Very simple, you can judge whether there is a problem with the database by the value of MAX_TIMER. For example, you can set a threshold. A single IO request that takes more than 200 milliseconds is abnormal, and then use a statement like the following as the detection logic.

mysql> select  event_name,MAX_TIMER_WAIT  FROM performance_schema.file_summary_by_event_name where event_name in  ('wait/io/file/innodb/innodb_log_file','wait/io/file/sql/binlog') and  MAX_TIMER_WAIT>200*1000000000;

After finding an exception, get the information you need, and then pass the following statement:

mysql> truncate table performance_schema.file_summary_by_event_name;

Clear the previous statistics.
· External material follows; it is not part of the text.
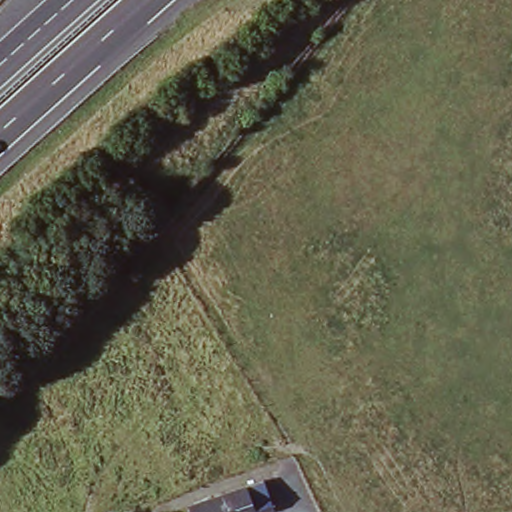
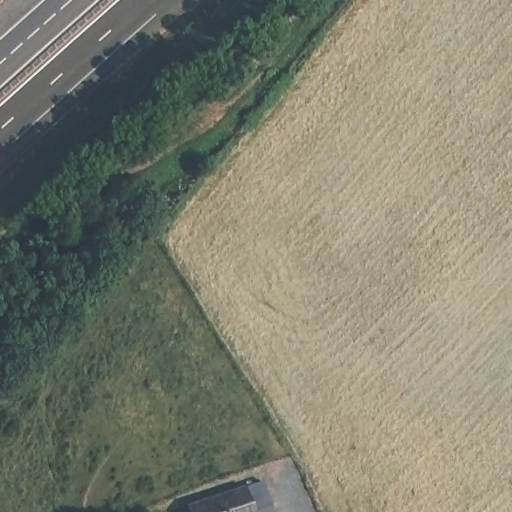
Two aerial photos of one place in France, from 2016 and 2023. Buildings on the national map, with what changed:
unchanged [(250,512),(187,512),(185,505),(241,485),(250,512)]

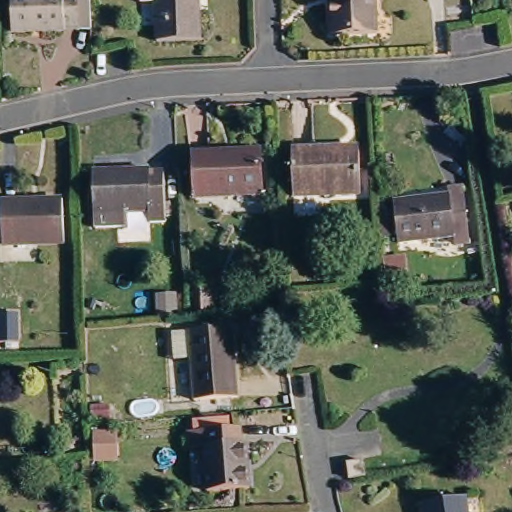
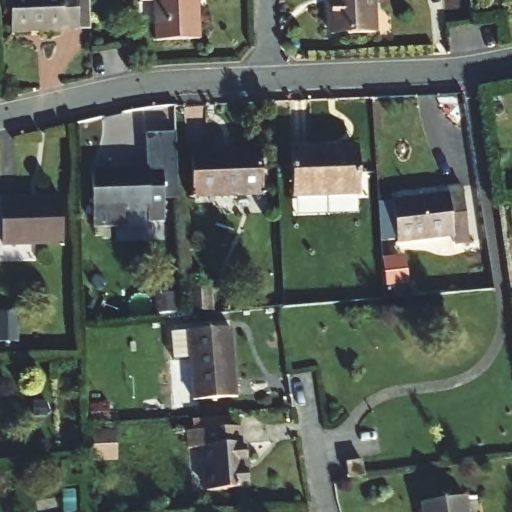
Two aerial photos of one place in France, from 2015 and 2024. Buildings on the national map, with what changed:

In this way, if the abnormality occurs again in the subsequent monitoring, the monitoring cumulative value can be added.

summary

Today, several methods for detecting the health status of a MySQL instance are introduced, as well as the problems and evolution logic of various methods.
After reading it, you may think that methods such as select 1 have been eliminated, but in fact, MHA (Master High Availability), which is very widely used, is used by default.
Another optional method in MHA is to only connect, that is, "if the connection is successful, the main library is considered to be fine". But as far as I know, very few people choose this method.
In fact, every improvement plan will increase additional losses, and you cannot use "right or wrong" to make a direct judgment. You need to make trade-offs based on the actual business situation.
My personal preference is to give priority to updating the system tables, and then cooperate with adding information for detecting performance_schema.

Supplement:
If you use the scheme of GTID and other points for read-write separation, what will happen when you do DDL for a large table?
Assume that this statement takes 10 minutes to execute on the main database, and it takes 10 minutes to transmit it to the standby database after submission (a typical large transaction). Then, when the GTID of the transaction submitted after the main database DDL is checked, it will wait 10 minutes before it appears.
In this way, the read-write separation mechanism will time out within 10 minutes, and then go to the main library.
This kind of expected operation should ensure that the main library can support all business queries during the off-peak period of business, and then switch all read requests to the main library, and then do DDL on the main library. After the standby database delays to catch up, switch the read request back to the standby database.
Through this thinking question, I mainly want to focus on the impact of large events on the equipotential scheme.
Of course, it is also a good choice to use the gh-ost solution to solve this problem.